Red tape gags US educators

May 18, 2001

A federal report based on a survey of US diplomats in 140 countries has identified red tape as an obstacle to US institutions that want to provide higher education abroad.

But the survey, meant to gauge the climate for potentially profitable joint education ventures and other such arrangements, also suggests that there is substantial opportunity for the "export" of US education, which is considered to lag behind that of competing nations including Canada and the United Kingdom.

"Contrary to previous impressions, nearly all countries allow private education to exist side by side with public education," the report says. And "while some countries limit recognition of US degrees and credits based on national policies that assume our education system lacks equivalent standards or quality, in many countries US education is highly regarded".

US education is in particular demand in disciplines including management, information technology and language, the diplomats reported. Still, they found significant obstacles. Some countries require parliamentary approval for foreign education institutions to do business, prohibit education in languages other than their national tongues and impose other restrictive regulations on foreign educators.
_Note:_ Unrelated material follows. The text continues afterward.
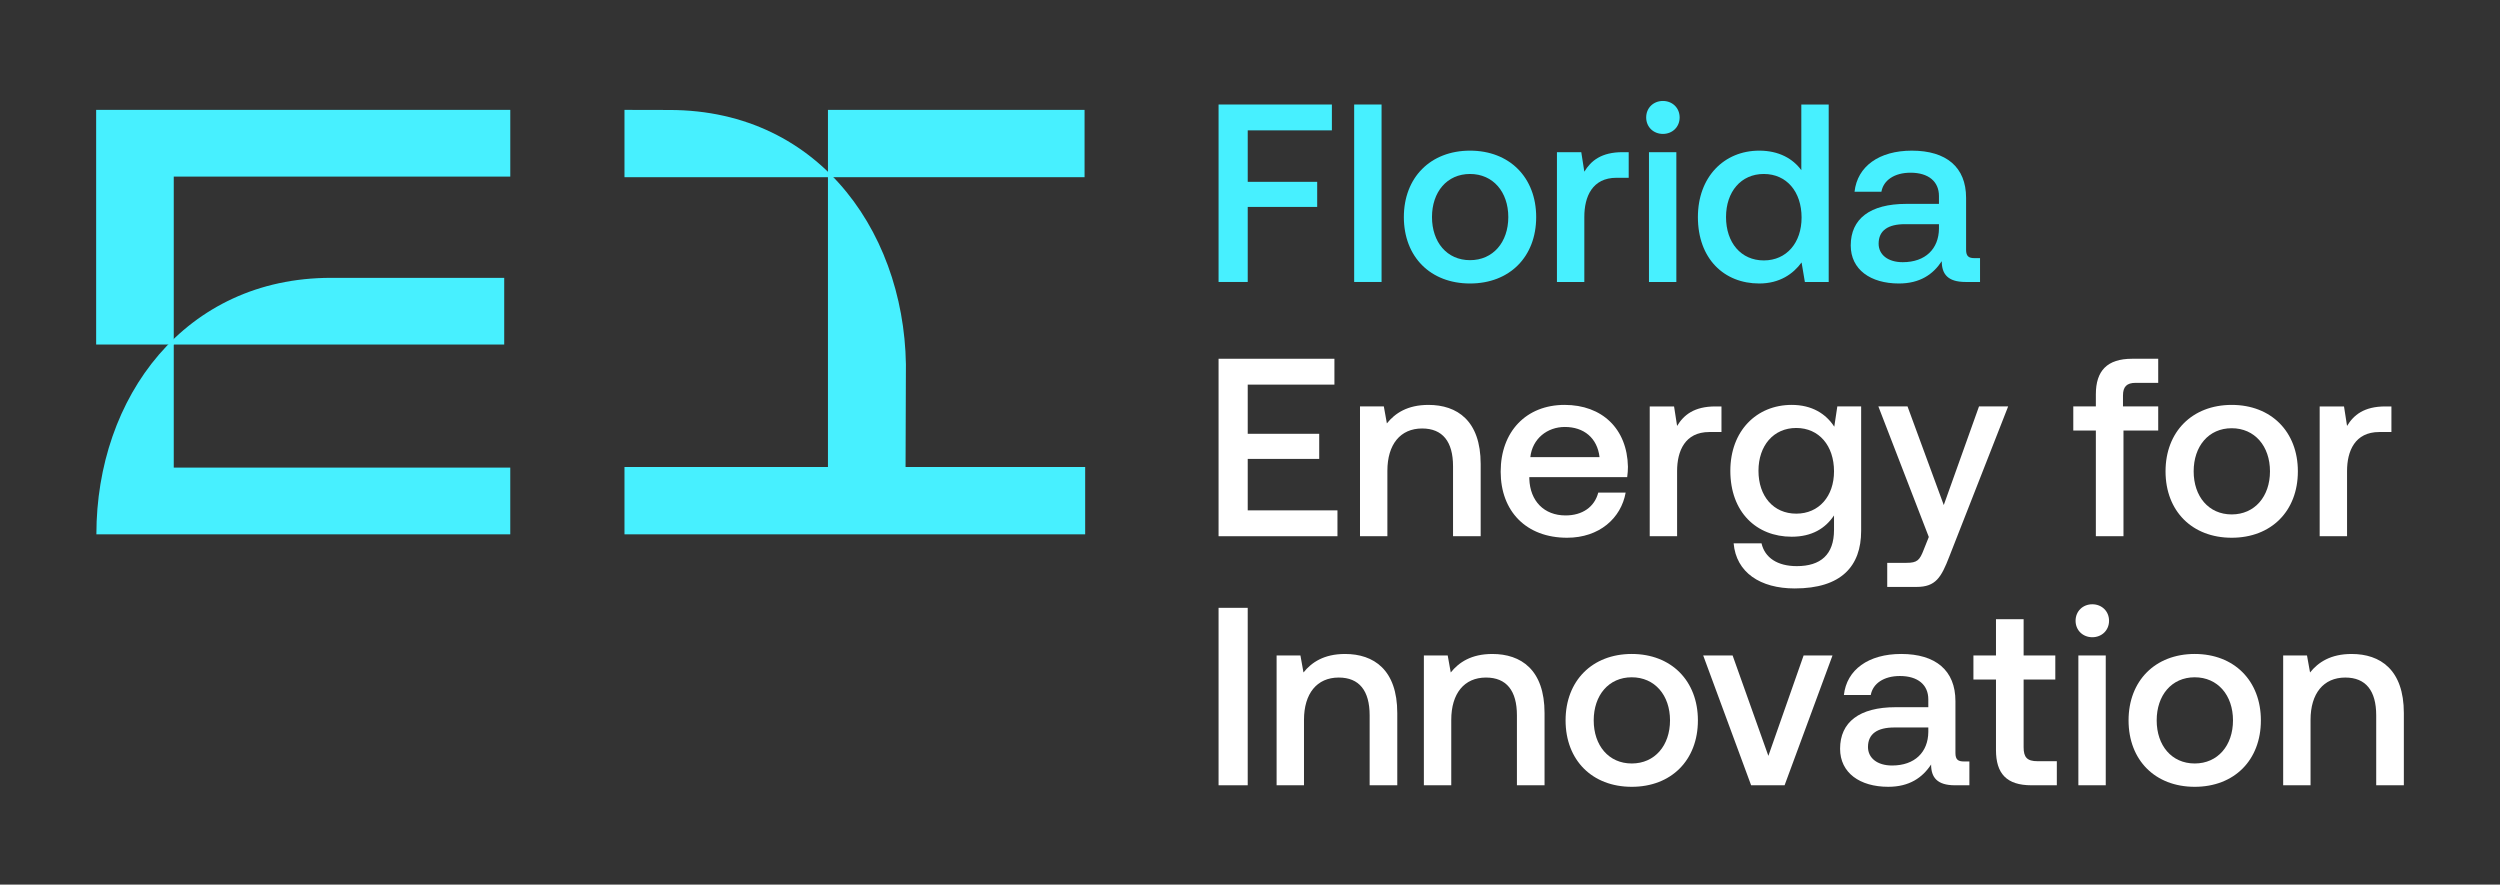 <?xml version="1.0" encoding="UTF-8"?> <svg xmlns="http://www.w3.org/2000/svg" width="260" height="92" viewBox="0 0 260 92" fill="none"><rect x="0" y="0" width="260" height="92" fill="#333333" stroke="none"/><g clip-path="url(#clip0_127_109)"><path d="M10 11.428H53.069V18.364H18.071V35.832H10V11.428Z" fill="#47F0FF"></path><path d="M18.071 35.832V48.633H53.068V55.569H10.024C10.024 41.309 19.23 28.896 34.412 28.896H52.438V35.832H18.071Z" fill="#47F0FF"></path><path d="M112.794 11.428H86.107V18.428H112.794V11.428Z" fill="#47F0FF"></path><path d="M94.21 39.224C94.559 24.905 85.58 11.438 69.619 11.438L64.946 11.428V18.427H86.107V48.57H64.946V55.569H112.857V48.57H94.178L94.21 39.224Z" fill="#47F0FF"></path><path d="M126.731 37.311H138.78V40H129.763V45.115H137.198V47.726H129.763V53.078H139.096V55.767H126.731L126.731 37.311Z" fill="white"></path><path d="M153.99 48.253V55.767H151.116V48.49C151.116 45.933 150.035 44.562 147.9 44.562C145.633 44.562 144.288 46.223 144.288 48.965V55.767H141.44V42.268H143.918L144.235 44.034C145.079 42.98 146.371 42.11 148.558 42.11C151.538 42.11 153.99 43.744 153.99 48.253H153.99Z" fill="white"></path><path d="M156.071 49.044C156.071 44.878 158.734 42.109 162.715 42.109C166.617 42.109 169.227 44.587 169.306 48.542C169.306 48.885 169.28 49.254 169.227 49.624H159.049V49.808C159.129 52.102 160.579 53.605 162.82 53.605C164.56 53.605 165.825 52.734 166.22 51.231H169.068C168.593 53.895 166.326 55.925 162.978 55.925C158.733 55.925 156.07 53.183 156.07 49.044H156.071ZM166.353 47.541C166.116 45.538 164.718 44.404 162.741 44.404C160.922 44.404 159.367 45.616 159.155 47.541H166.353H166.353Z" fill="white"></path><path d="M179.033 42.268V44.931H177.767C175.236 44.931 174.418 46.908 174.418 48.991V55.767H171.571V42.269H174.102L174.418 44.298C175.104 43.164 176.185 42.269 178.4 42.269H179.033V42.268Z" fill="white"></path><path d="M191.081 42.268H193.559V55.214C193.559 58.878 191.502 61.198 186.651 61.198C183.065 61.198 180.561 59.537 180.298 56.505H183.198C183.54 58.008 184.859 58.878 186.863 58.878C189.341 58.878 190.738 57.691 190.738 55.108V53.605C189.842 54.95 188.444 55.819 186.335 55.819C182.671 55.819 179.955 53.262 179.955 48.964C179.955 44.825 182.671 42.109 186.335 42.109C188.444 42.109 189.895 43.032 190.765 44.377L191.081 42.267L191.081 42.268ZM190.738 49.018C190.738 46.355 189.182 44.509 186.81 44.509C184.437 44.509 182.881 46.354 182.881 48.965C182.881 51.601 184.437 53.42 186.81 53.42C189.183 53.42 190.738 51.601 190.738 49.018Z" fill="white"></path><path d="M195.35 42.268H198.382L202.152 52.525L205.817 42.268H208.848L202.731 57.876C201.887 60.064 201.307 61.04 199.33 61.04H196.272V58.535H198.276C199.383 58.535 199.647 58.272 200.069 57.164L200.596 55.846L195.35 42.268Z" fill="white"></path><path d="M215.622 42.268H217.969V41.003C217.969 38.577 219.129 37.311 221.739 37.311H224.454V39.816H222.108C221.185 39.816 220.79 40.212 220.79 41.134V42.268H224.454V44.772H220.842V55.767H217.969V44.772H215.622V42.268Z" fill="white"></path><path d="M225.216 49.018C225.216 44.905 227.984 42.11 232.097 42.11C236.21 42.11 238.978 44.904 238.978 49.018C238.978 53.157 236.21 55.925 232.097 55.925C227.984 55.925 225.216 53.157 225.216 49.018ZM236.078 49.018C236.078 46.407 234.496 44.536 232.096 44.536C229.697 44.536 228.141 46.407 228.141 49.018C228.141 51.628 229.697 53.5 232.096 53.5C234.495 53.5 236.078 51.628 236.078 49.018Z" fill="white"></path><path d="M248.708 42.268V44.931H247.442C244.911 44.931 244.093 46.908 244.093 48.991V55.767H241.246V42.269H243.777L244.093 44.298C244.779 43.164 245.86 42.269 248.074 42.269H248.707L248.708 42.268Z" fill="white"></path><path d="M126.731 10.869H138.516V13.558H129.763V18.91H136.987V21.52H129.763V29.325H126.731L126.731 10.869Z" fill="#47F0FF"></path><path d="M140.834 10.869H143.682V29.325H140.834V10.869Z" fill="#47F0FF"></path><path d="M146.001 22.575C146.001 18.462 148.769 15.667 152.882 15.667C156.995 15.667 159.763 18.462 159.763 22.575C159.763 26.714 156.995 29.483 152.882 29.483C148.769 29.483 146.001 26.714 146.001 22.575ZM156.863 22.575C156.863 19.965 155.281 18.093 152.882 18.093C150.482 18.093 148.927 19.965 148.927 22.575C148.927 25.185 150.483 27.057 152.882 27.057C155.281 27.057 156.863 25.185 156.863 22.575Z" fill="#47F0FF"></path><path d="M169.385 15.826V18.489H168.119C165.588 18.489 164.77 20.466 164.77 22.549V29.325H161.922V15.826H164.453L164.77 17.856C165.456 16.722 166.536 15.826 168.751 15.826H169.384H169.385Z" fill="#47F0FF"></path><path d="M171.203 12.214C171.203 11.211 171.967 10.5 172.943 10.5C173.919 10.5 174.683 11.212 174.683 12.214C174.683 13.216 173.919 13.927 172.943 13.927C171.967 13.927 171.203 13.215 171.203 12.214ZM171.493 15.826H174.34V29.325H171.493V15.826Z" fill="#47F0FF"></path><path d="M187.337 10.869H190.185V29.325H187.706L187.364 27.295C186.493 28.481 185.096 29.483 182.961 29.483C179.296 29.483 176.581 26.899 176.581 22.575C176.581 18.409 179.296 15.667 182.961 15.667C185.017 15.667 186.468 16.511 187.338 17.697L187.337 10.869ZM187.364 22.628C187.364 19.939 185.808 18.093 183.436 18.093C181.063 18.093 179.507 19.938 179.507 22.575C179.507 25.238 181.063 27.084 183.436 27.084C185.809 27.084 187.364 25.238 187.364 22.628Z" fill="#47F0FF"></path><path d="M205.923 26.846V29.325H204.42C202.574 29.325 201.942 28.508 201.942 27.163C201.045 28.534 199.674 29.483 197.486 29.483C194.533 29.483 192.476 28.033 192.476 25.528C192.476 22.76 194.479 21.204 198.25 21.204H201.651V20.387C201.651 18.884 200.57 17.961 198.698 17.961C197.011 17.961 195.877 18.752 195.666 19.939H192.872C193.162 17.302 195.429 15.668 198.83 15.668C202.416 15.668 204.473 17.381 204.473 20.571V25.977C204.473 26.662 204.763 26.846 205.342 26.846H205.922H205.923ZM201.652 23.314H198.119C196.352 23.314 195.377 23.973 195.377 25.343C195.377 26.477 196.326 27.268 197.881 27.268C200.254 27.268 201.626 25.871 201.652 23.788V23.314Z" fill="#47F0FF"></path><path d="M126.731 63.214H129.762V81.669H126.731V63.214Z" fill="white"></path><path d="M145.317 74.155V81.67H142.443V74.393C142.443 71.836 141.362 70.465 139.227 70.465C136.96 70.465 135.615 72.126 135.615 74.868V81.67H132.767V68.171H135.245L135.562 69.937C136.406 68.883 137.698 68.013 139.885 68.013C142.865 68.013 145.317 69.647 145.317 74.155Z" fill="white"></path><path d="M160.633 74.155V81.67H157.76V74.393C157.76 71.836 156.679 70.465 154.543 70.465C152.276 70.465 150.931 72.126 150.931 74.868V81.67H148.083V68.171H150.562L150.878 69.937C151.722 68.883 153.014 68.013 155.202 68.013C158.181 68.013 160.633 69.647 160.633 74.155H160.633Z" fill="white"></path><path d="M162.82 74.92C162.82 70.807 165.588 68.012 169.701 68.012C173.814 68.012 176.582 70.807 176.582 74.92C176.582 79.059 173.814 81.828 169.701 81.828C165.588 81.828 162.82 79.059 162.82 74.92ZM173.682 74.92C173.682 72.31 172.1 70.438 169.701 70.438C167.301 70.438 165.746 72.31 165.746 74.92C165.746 77.53 167.302 79.402 169.701 79.402C172.1 79.402 173.682 77.53 173.682 74.92Z" fill="white"></path><path d="M177.134 68.17H180.192L183.91 78.611L187.575 68.17H190.58L185.597 81.669H182.117L177.133 68.17H177.134Z" fill="white"></path><path d="M204.816 79.191V81.669H203.313C201.467 81.669 200.834 80.852 200.834 79.507C199.938 80.878 198.567 81.827 196.379 81.827C193.426 81.827 191.369 80.377 191.369 77.872C191.369 75.104 193.373 73.549 197.143 73.549H200.544V72.731C200.544 71.228 199.463 70.305 197.591 70.305C195.904 70.305 194.771 71.097 194.559 72.283H191.765C192.055 69.647 194.322 68.012 197.723 68.012C201.309 68.012 203.365 69.725 203.365 72.916V78.321C203.365 79.006 203.655 79.191 204.236 79.191H204.816ZM200.545 75.658H197.012C195.246 75.658 194.27 76.317 194.27 77.688C194.27 78.822 195.22 79.613 196.775 79.613C199.148 79.613 200.519 78.216 200.545 76.133V75.658Z" fill="white"></path><path d="M207.582 70.675H205.236V68.17H207.582V64.4H210.456V68.17H213.752V70.675H210.456V77.714C210.456 78.769 210.825 79.165 211.906 79.165H213.91V81.669H211.274C208.69 81.669 207.582 80.457 207.582 78.004V70.675Z" fill="white"></path><path d="M215.86 64.559C215.86 63.556 216.625 62.845 217.6 62.845C218.576 62.845 219.341 63.557 219.341 64.559C219.341 65.561 218.576 66.272 217.6 66.272C216.625 66.272 215.86 65.56 215.86 64.559ZM216.15 68.17H218.998V81.669H216.15V68.17Z" fill="white"></path><path d="M221.37 74.92C221.37 70.807 224.138 68.012 228.251 68.012C232.363 68.012 235.132 70.807 235.132 74.92C235.132 79.059 232.363 81.828 228.251 81.828C224.138 81.828 221.37 79.059 221.37 74.92ZM232.231 74.92C232.231 72.31 230.65 70.438 228.25 70.438C225.851 70.438 224.295 72.31 224.295 74.92C224.295 77.53 225.851 79.402 228.25 79.402C230.649 79.402 232.231 77.53 232.231 74.92Z" fill="white"></path><path d="M250 74.155V81.67H247.126V74.393C247.126 71.836 246.045 70.465 243.91 70.465C241.642 70.465 240.297 72.126 240.297 74.868V81.67H237.45V68.171H239.928L240.245 69.937C241.089 68.883 242.38 68.013 244.568 68.013C247.548 68.013 250 69.647 250 74.155Z" fill="white"></path></g><defs><clipPath id="clip0_127_109"><rect width="240" height="71.327" fill="white" transform="translate(10 10.5)"></rect></clipPath></defs></svg>

In some cases, foreign entities are restricted to a minority share of a joint venture, or are allowed to provide services only to resident non-nationals. Using the title "university" is regulated by law in Australia and South Africa. Bulgaria, China, Ireland and other countries limit the number of foreign educational programmes, while Turkey and Italy restrict foreign providers to teaching only resident foreigners. In Indonesia, no more than half of any academic programme can be conducted in a foreign language.

The report, conducted jointly by the US departments of commerce, education, labour and state, recommended studying how the UK, Canada and other countries successfully promote the export of their educational institutions to "shed more light on the value of the international market and provide a basis for comparison with US efforts to seek and maintain open markets in this field".